Shay is the sort of person that relies on information to deal with stress. She has a little notebook, what she calls her “Data Book,” filled with all sorts of oddball statistics that she quotes from at the start of each chapter and throughout the novel. (Frankly, I could have lived without this feature, which began to feel like filler at times.) She deals with the stress of having witnessed a suicide by finding out every single detail she can about the late Amanda.

And this part is the hardest aspect for me to buy into. She’s haunted by what she saw; okay. Amanda looked a lot like Shay, which made her more fascinating to our protagonist. Fine. But the obsessive way she pursues information—even once she finds she has the dead woman’s necklace, which she had forgotten momentarily—doesn’t jibe with me. She goes to her apartment, visits the woman’s mom…huh. Go figure.

Now, once I quit rolling my eyes and allowed myself to buy this premise, things flowed a lot more smoothly. Cassandra and Jane, friends of Amanda’s, hold a memorial service for her, and it is by attending this event that Shay comes to know these two sisters. They are kind, they are solicitous, and they are caring. Before Shay knows it, they are her new best friends, and because she herself is a good person—if a little odd—it doesn’t occur to her that their motives might not be as benevolent as they pretend to be. They are the spiders, and she is the fly.

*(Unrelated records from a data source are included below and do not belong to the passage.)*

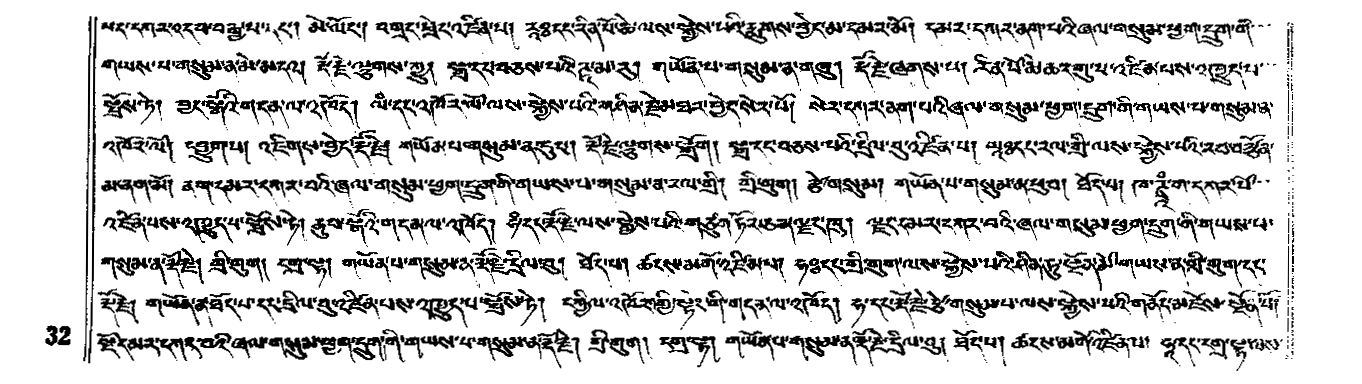པད་དཀར་འདབ་བརྒྱ་པ་དང་། མེ་ལོང་། བགྲང་ཕྲེང་འཛིན་པ། རཱཿ དང་རིན་པོ་ཆེ་ལས་སྐྱེས་པའི་རྨུགས་བྱེད་མ་དམར་མོ། དམར་དཀར་ནག་པའི་ཞལ་གསུམ་ཕྱག་དྲུག་གི་
གཡས་པ་གསུམ་ན་མེ་མདའ། རྡོ་རྗེ་ལྕགས་ཀྱུ། སྒྲ་དང་བཅས་པའི་ཌཱ་མ་རུ། གཡོན་པ་གསུམ་ན་གཞུ། རྡོ་རྗེ་ཞགས་པ། རིན་པོ་ཆེ་ཆ་དགུ་པ་འཛིན་པས་འཁྱུད་པ་
སྤྲོས་ཏེ། བྱང་སྒོའི་གདན་ལ་འཁོད། ལཾ་དང་འཁོར་ལོ་ལས་སྐྱེས་པའི་གཤིན་རྗེ་མཐར་བྱེད་སེར་པོ། སེར་དཀར་ནག་པའི་ཞལ་གསུམ་ཕྱག་དྲུག་གི་གཡས་པ་གསུམ་ན་
འཁོར་ལོ། དབྱུག་པ། འཇིགས་བྱེད་རྡོ་རྗེ། གཡོན་པ་གསུམ་ན་དུང་། རྡོ་རྗེ་ལྕགས་སྒྲོག། སྒྲ་དང་བཅས་པའི་དྲིལ་བུ་འཛིན་པ། ཡཱཿ དང་རལ་གྲི་ལས་སྐྱེས་པའི་རབ་བརྩོན་
མ་ནག་མོ། ནག་དམར་དཀར་བའི་ཞལ་གསུམ་ཕྱག་དྲུག་གི་གཡས་པ་གསུམ་ན་རལ་གྲི། གྲི་གུག། རྩེ་གསུམ། གཡོན་པ་གསུམ་ན་ཕུབ། ཐོད་པ། ཁ་ཌྭཱཾ་ག་དཀར་པོ་
འཛིན་པས་འཁྱུད་པ་སྤྲོས་ཏེ། ནུབ་སྒོའི་གདན་ལ་འཁོད། ཧཾ་དང་རྡོ་རྗེ་ལས་སྐྱེས་པའི་གཙུག་ཏོར་ཅན་ལྗང་ཁུ། ལྗང་དམར་དཀར་བའི་ཞལ་གསུམ་ཕྱག་དྲུག་གི་གཡས་པ་
གསུམ་ན་རྡོ་རྗེ། གྲི་གུག། དགྲ་ལྟ། གཡོན་པ་གསུམ་ན་རྡོ་རྗེ་དྲིལ་བུ། ཐོད་པ། ཚངས་མགོ་འཛིན་པ། ཧཿ དང་གྲི་གུག་ལས་སྐྱེས་པའི་ཤིན་ཏུ་སྔོན་མོ་གཡས་ན་གྲི་གུག་དང་
རྡོ་རྗེ། གཡོན་ན་ཐོད་པ་དང་དྲིལ་བུ་འཛིན་པས་འཁྱུད་པ་སྤྲོས་ཏེ། དཀྱིལ་འཁོར་གྱི་སྟེང་གི་གདན་ལ་འཁོད། ཧ་དང་རྡོ་རྗེ་རྩེ་གསུམ་པ་ལས་སྐྱེས་པའི་གནོད་མཛེས་སྔོན་པོ།
སྔོ་དམར་དཀར་བའི་ཞལ་གསུམ་ཕྱག་དྲུག་གི་གཡས་པ་གསུམ་ན་རྡོ་རྗེ། གྲི་གུག། དགྲ་སྟ། གཡོན་པ་གསུམ་ན་རྡོ་རྗེ་དྲིལ་བུ། ཐོད་པ། ཚངས་མགོ་འཛིན་པ། ཧཱ་དང་དགྲ་སྟ་ལས་

Here’s the thing I like best about this story. Shay’s character has to be rock solid for it to work, and once we get past the stupid parts at the beginning, it is. I half expected her to be dumb as a box of rocks all the way through, but not so much. The way she is developed, neither too unrealistically savvy nor ultra-naïve, is admirable. There’s a thin path through the middle between these two extremes, and I wondered if she would be the dithering idiot that has to be saved by someone smarter, but that’s not how it shakes out. There are a couple of loose threads that are left dangling, but it’s the way Shay’s character is crafted that wins the day.

Those that enjoyed this authorial pair’s other books will like this one too; those in search of a good beach read or a fun weekend book should consider this one. All told, big fun, and delightfully original.

The Familiar Dark, by Amy Engel*****

When it comes down to it, some people just have it coming to them.

Amy Engel is the author of The Roanoke Girls, a shocking thriller that proves she is a force to be reckoned with. The Familiar Dark is even better. My thanks go to Net Galley and Random House Dutton for the review copy. It’s for sale now, and you should get a copy to help chase away your cabin fever.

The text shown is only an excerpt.